Rainer Camen vom TüV Nord bittet um Verständnis: „Weil das Haus, in dem normalerweise die theoretischen Prüfungen stattfinden, noch geschlossen ist, finden in Herford zur Zeit keine theoretischen Prüfungen statt.“ Fahrlehrer und -schüler müssten aktuell auf Bielefeld, Bünde, Bad Oeynhausen ausweichen – was sich inzwischen auch eingespielt habe.

Aufgrund der Hygienebestimmungen starteten darüber hinaus an dem früheren Abfahrtort in Herford (Rewe-Markt) zur Zeit keine praktischen Prüfungen. Dazu verweist der TüV Nord auf einen nahegelegenen Abfahrtort in Bad Salzuflen. Der liege etwa fünf Kilometer vom ursprünglichen Abfahrtort entfernt. Ebenso seien praktische Prüfungen natürlich auch möglich in Bielefeld, Bünde und Bad Oeynhausen. Camen: „Wir bemühen uns um einem neuen Standort für die theoretischen Prüfung und für einen Abfahrtsort.“ Das erweise sich in Herford als sehr schwierig, weshalb ein konkreter Termin derzeit nicht genannt werden könne.

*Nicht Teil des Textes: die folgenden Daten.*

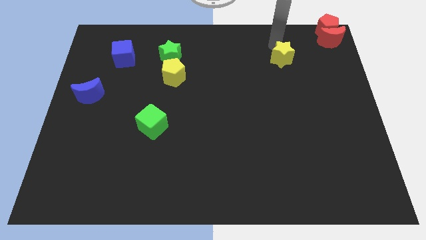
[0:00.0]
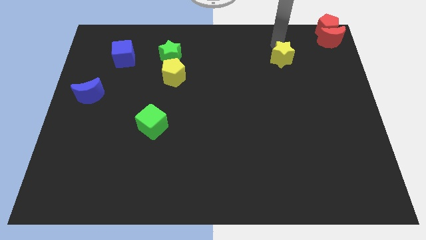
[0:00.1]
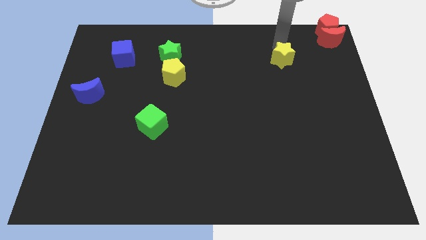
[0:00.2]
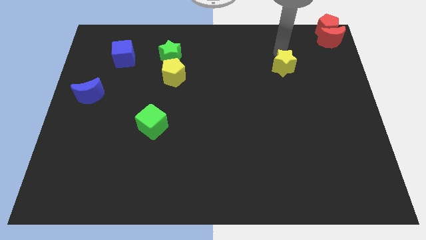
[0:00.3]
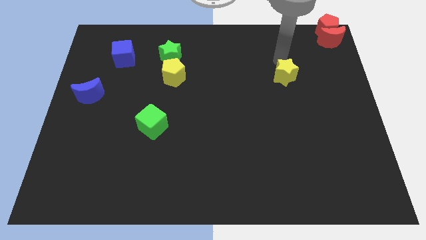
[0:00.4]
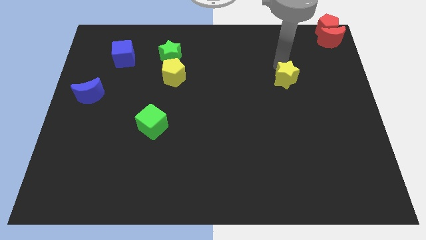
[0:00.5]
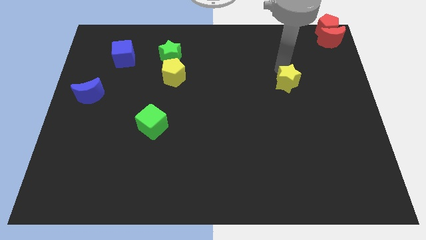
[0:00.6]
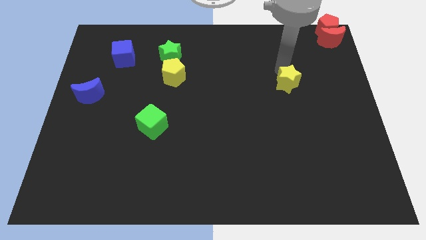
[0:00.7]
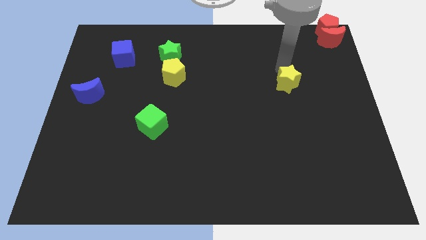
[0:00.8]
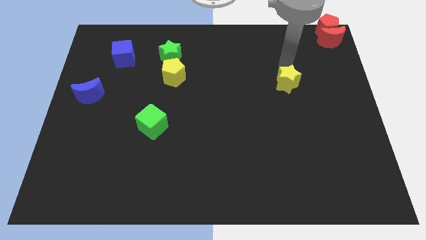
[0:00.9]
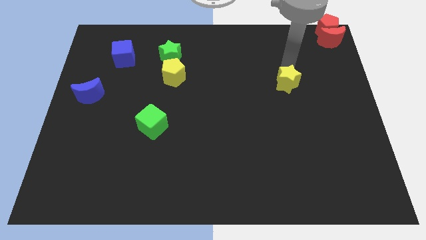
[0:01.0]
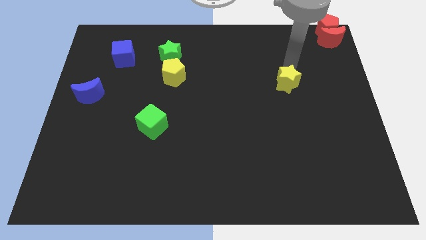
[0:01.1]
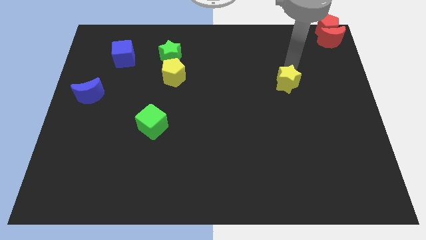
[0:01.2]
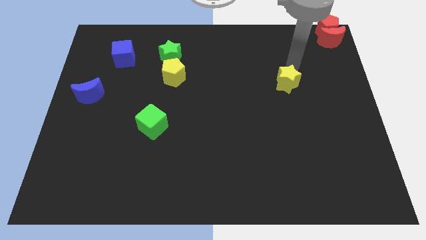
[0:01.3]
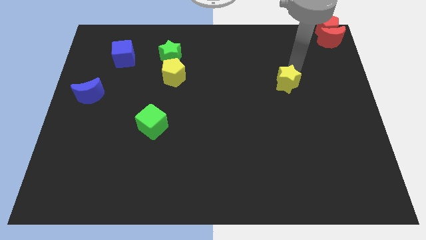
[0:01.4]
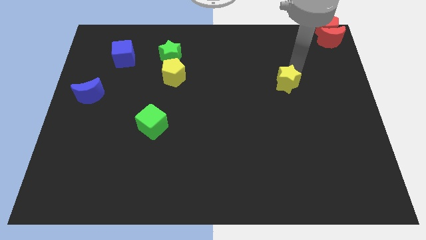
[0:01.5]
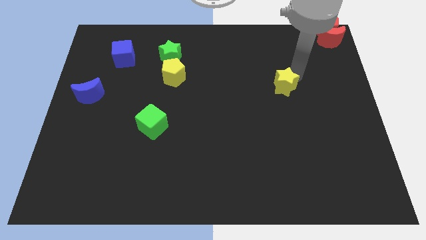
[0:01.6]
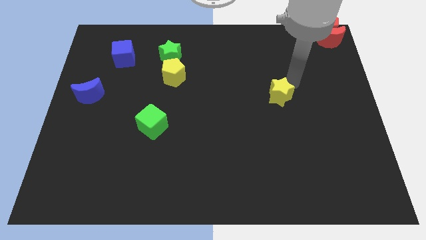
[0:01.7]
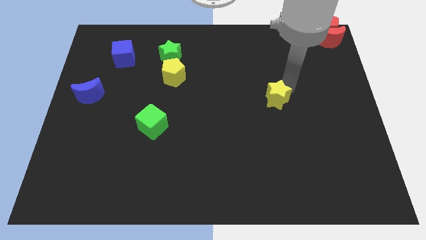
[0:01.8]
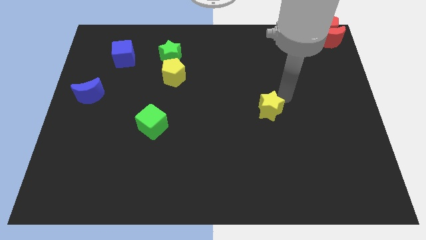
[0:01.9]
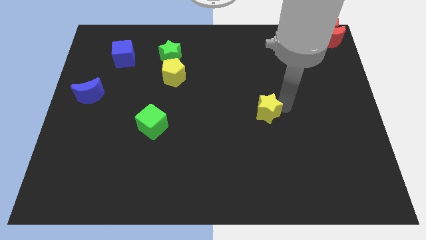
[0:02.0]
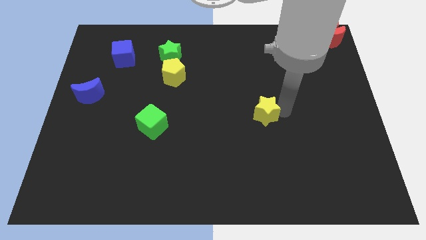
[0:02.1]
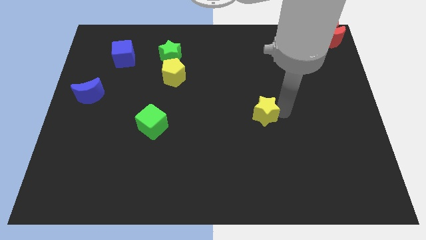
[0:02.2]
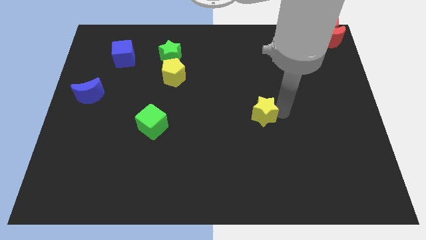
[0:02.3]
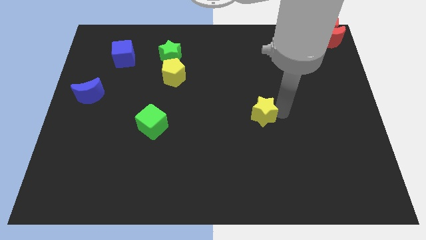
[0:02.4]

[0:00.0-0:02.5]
push the yellow star to the center of the board

Camen: „Soweit uns die jeweiligen Verordnungen und Verfügungen die Möglichkeit geben, bereiten wir Prüfräume und Abfahrtsorte für die Aufnahme vor und stimmen die Freigabe mit unserem Covid-Krisenteam ab.“ Ziel sei einerseits die Einhaltung der Auflagen der Corona-Verordnungen und andererseits die möglichst effektive Nutzung der bereitgestellten Prüfkapazitäten.

Montagstermine geblockt

Hans Offer, Fahrlehrer in Herford und Vize-Vorsitzender des Fahrlehrerverbandes Westfalen, bestätigt die intensiven Bemühungen des TüV Nord um einen möglichst reibungslosen Prüfungsbetrieb trotz Corona-Auflagen: „Wer einen Prüfungstermin anstrebt, bekommt auch einen.“ Er selbst habe einen der Montagstermine geblockt, für die sich seine Schüler eben frei nehmen müssten. Falls es mal hake, dann an fehlenden Unterlagen. Entweder habe eine Fahrschule oder aber der Fahrschüler nicht alle Unterlagen zum Prüfungsantrag eingereicht. Wegen der Wartezeiten im Verkehrsamt seien Fahrschulen dazu übergangen, solche Anträge von den Fahrschülern selbst bei der jeweiligen Bürgerbüros einreichen zu lassen. Offer: „Das wird aber manchmal glatt vergessen. Doch ohne Prüfungszulassung gibt es auch keinen Prüfungstermin.“

Bevor eine Kommune die Antragsunterlagen an das Kreisverkehrsamt weiterleite, könne schon mal eine Woche vergehen: „Sie sammeln und reichen die Anträge dann geschlossen ein.“ Im Kreisverkehrsamt dauere es etwa drei Wochen, bis die Zulassung erteilt werde. Offer: „Der Prüfungstermin selbst ist dann der letzte Schritt.“ Dem TüV Nord seien in Herford inzwischen verschiedene Gebäude angeboten worden, darunter die Immobilie seiner Fahrschule an der Mindener Straße. Dort seien die Hygiene-Vorschriften erfüllt, aber: „Am Ende des Tages müssen sich TüV und der jeweilige Vermieter einigen.“

Markierte Laufwege

Seit dem 4. Mai dürfen wieder theoretische, seit dem 5. Mai praktische Prüfungen abgenommen werden, allerdings unter besonderen Schutz- und Hygienemaßnahmen . Die TüV-internen Bestimmungen sehen vor, die Abstandsregeln durch markierte Laufwege und Schutzbereiche zu wahren. Die Zahl der Prüfungsteilnehmer sei entsprechend dieser Regeln zu reduzieren. Zur Identitätskontrolle dürfe der Mund-Nase-Schutz nach Aufforderung kurzfristig gelüftet werden. Vor Ort seien die Räume regelmäßig zu reinigen, zu lüften und zu desinfizieren.